Since summary statistics did not change every second, I implemented short-term caching at the backend level. The data refreshed at controlled intervals instead of being recalculated for every request.

Result

Reduced repeated database computation

Lower server strain during peak traffic

Improved consistency in response times

Caching contributed another measurable reduction in load time.

Step 6: Improving Frontend Rendering Performance

Backend improvements helped significantly, but frontend rendering was also part of the issue.

The Problem

The dashboard attempted to render large lists and heavy chart components immediately after load.

The Fix

I implemented:

Lazy loading for non-critical components

Conditional rendering for heavy elements

Loading placeholders to improve perceived performance

This did not change backend speed, but it improved user experience by making the page feel faster.

Final Results

After implementing all improvements:

Initial load time reduced from approximately 5 seconds to around 2 seconds

API response time improved by about 60 percent

Database query count reduced significantly

Server performance became more stable under traffic

The improvements were incremental, but together they created a major impact.

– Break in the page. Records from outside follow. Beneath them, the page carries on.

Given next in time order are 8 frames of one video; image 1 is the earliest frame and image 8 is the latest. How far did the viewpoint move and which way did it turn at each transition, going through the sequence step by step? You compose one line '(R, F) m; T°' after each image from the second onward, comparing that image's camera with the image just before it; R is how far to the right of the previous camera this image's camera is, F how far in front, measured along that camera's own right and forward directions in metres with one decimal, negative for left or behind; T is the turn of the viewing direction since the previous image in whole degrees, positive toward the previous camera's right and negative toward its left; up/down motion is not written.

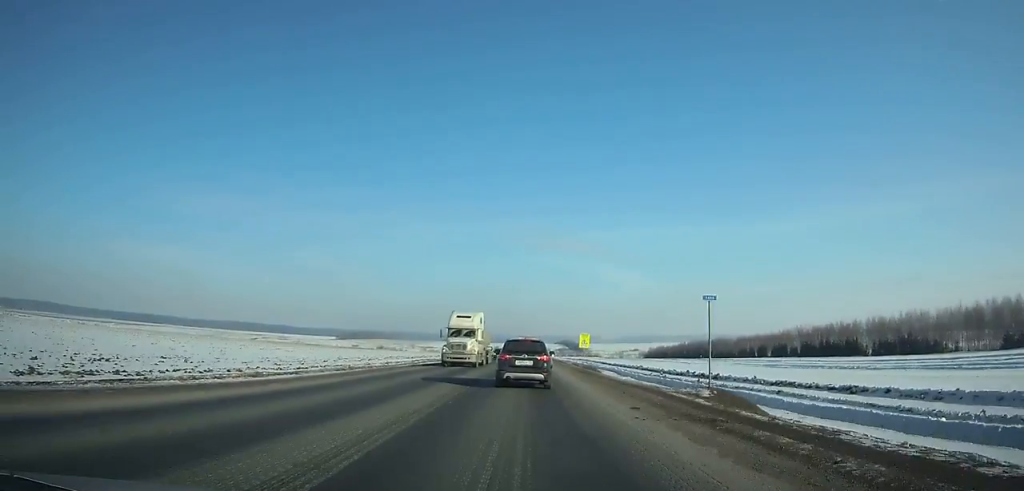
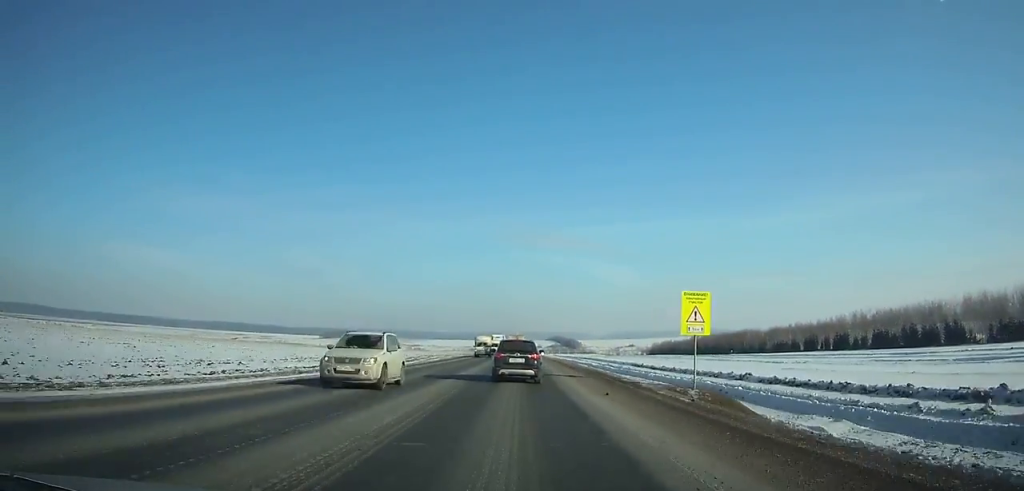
(+0.2, +52.0) m; 0°
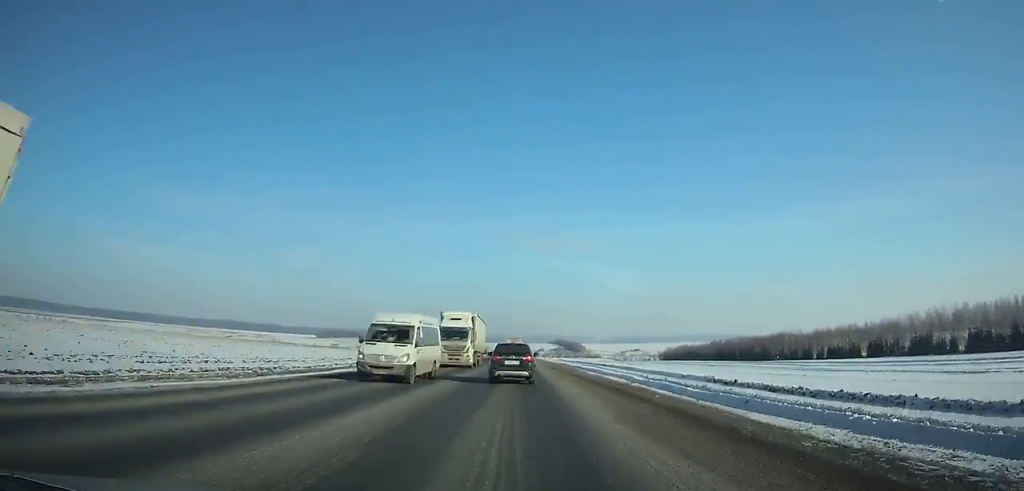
(0.0, +39.0) m; 0°
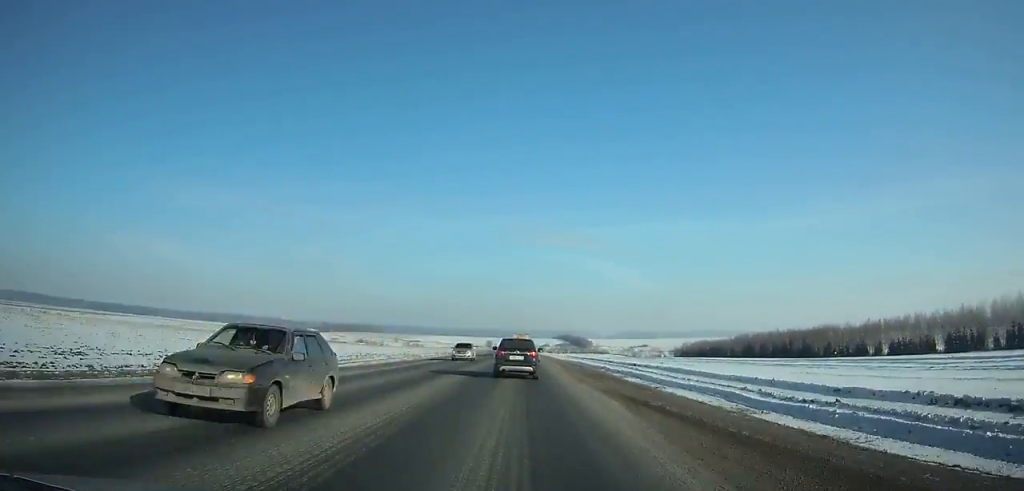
(-0.1, +32.4) m; 0°
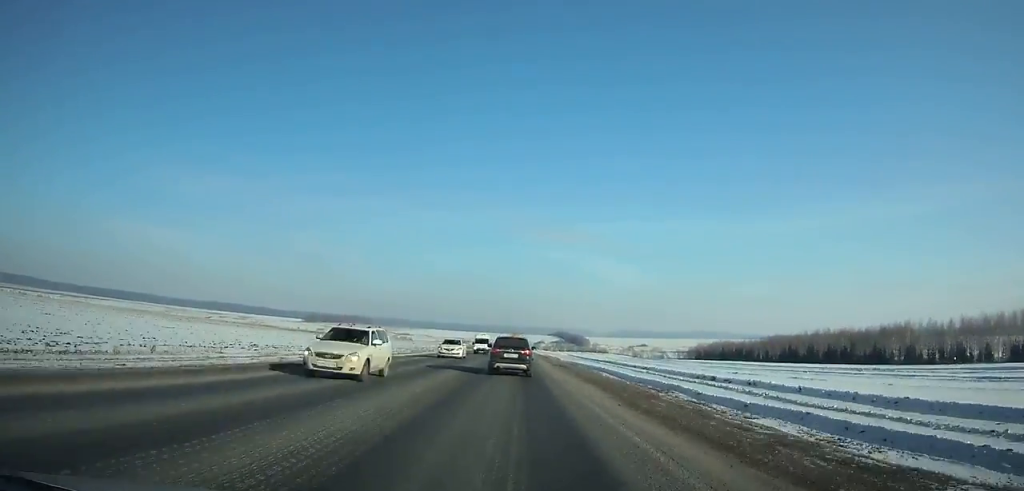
(0.0, +48.0) m; 0°
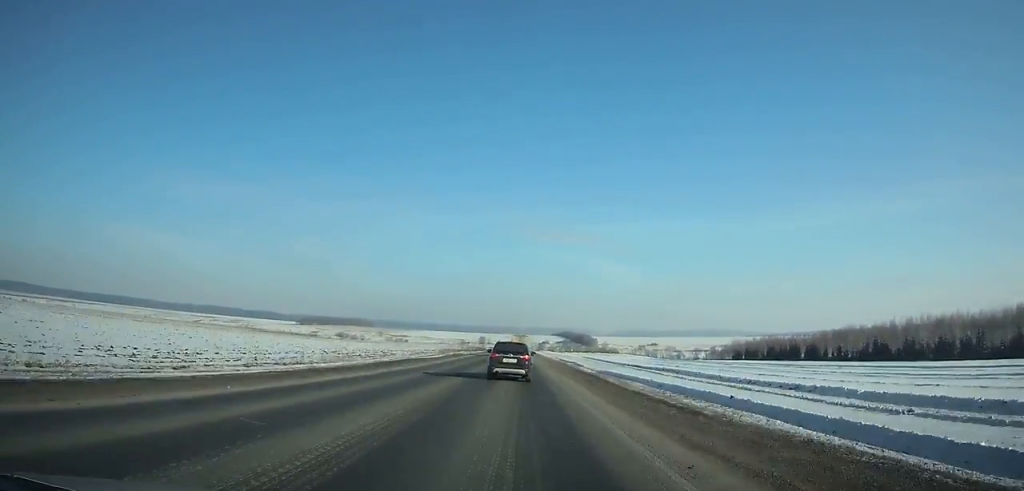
(-0.1, +54.6) m; 0°
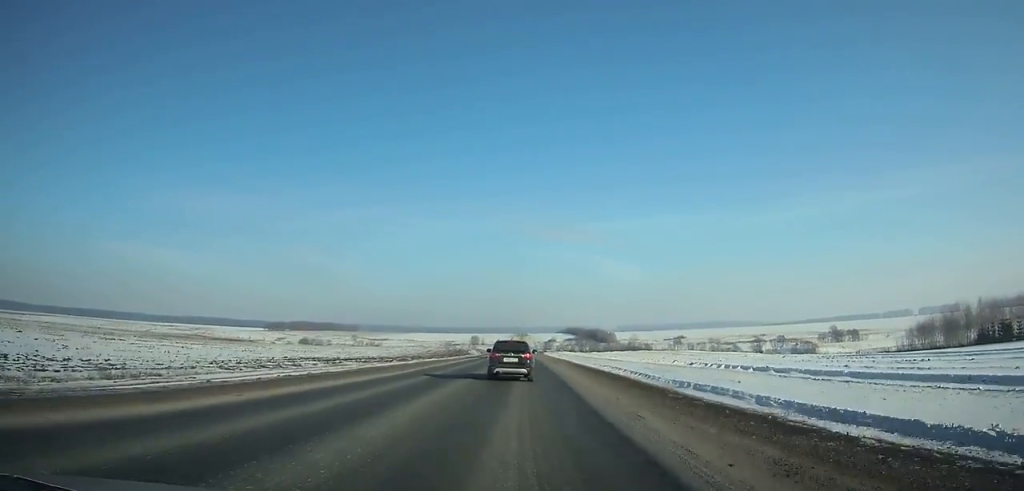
(+0.6, +164.0) m; 0°
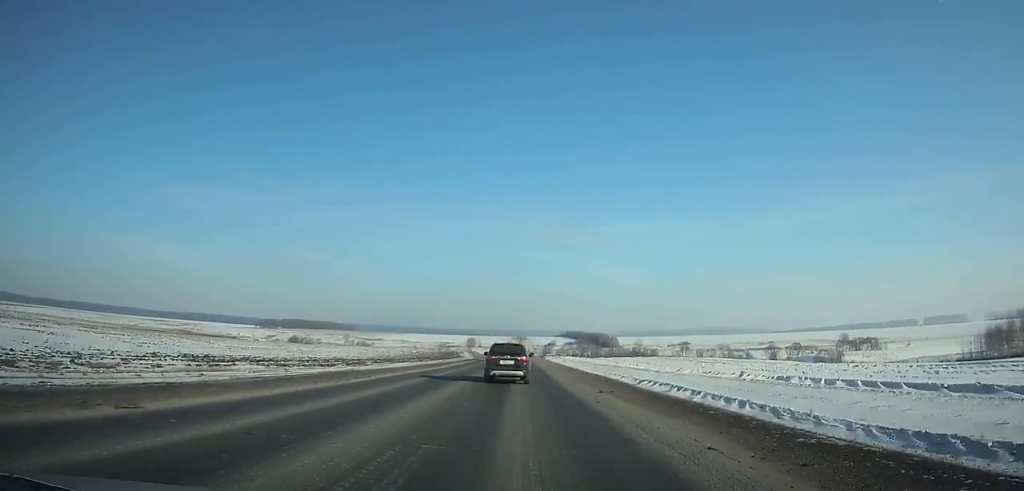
(0.0, +30.1) m; 0°

Key Lessons From Reducing Load Time by 60 Percent

  1. Measure First

Never optimize blindly. Use tools to identify real bottlenecks.

  1. Databases Matter

Efficient queries and proper indexing are critical for scalable applications.

  1. Reduce Unnecessary Data

Sending less data improves both backend and frontend performance.

  1. Avoid Redundant Work

Duplicate API calls and repeated computations waste resources.

  1. Caching Is Powerful

Even short-term caching can significantly reduce load.

  1. Performance Is Full-Stack

Optimization requires looking at backend logic, database design, network transfer, and frontend rendering together.

Why Performance Optimization Is a Valuable Skill

During my internship, this experience changed how I approach development. Instead of only asking, “Does it work?” I started asking, “Does it scale?” and “Is it efficient?”

Performance optimization is not about writing clever code. It is about understanding systems holistically:

How data flows

How databases execute queries

How APIs respond

How browsers render content

Reducing load time by 60 percent was not the result of one dramatic change. It was the result of careful analysis, structured problem solving, and incremental improvements.

Conclusion

Real-world software engineering is about impact. Improving performance directly improves user satisfaction and system reliability. During my internship, optimizing a slow dashboard taught me how to analyze production systems, identify bottlenecks, and implement practical solutions.

If you are working on a slow application, start by measuring. Then identify the largest bottleneck. Fix one issue at a time. Small improvements compound into major gains.

Performance is not an afterthought. It is a core part of building professional, scalable software systems.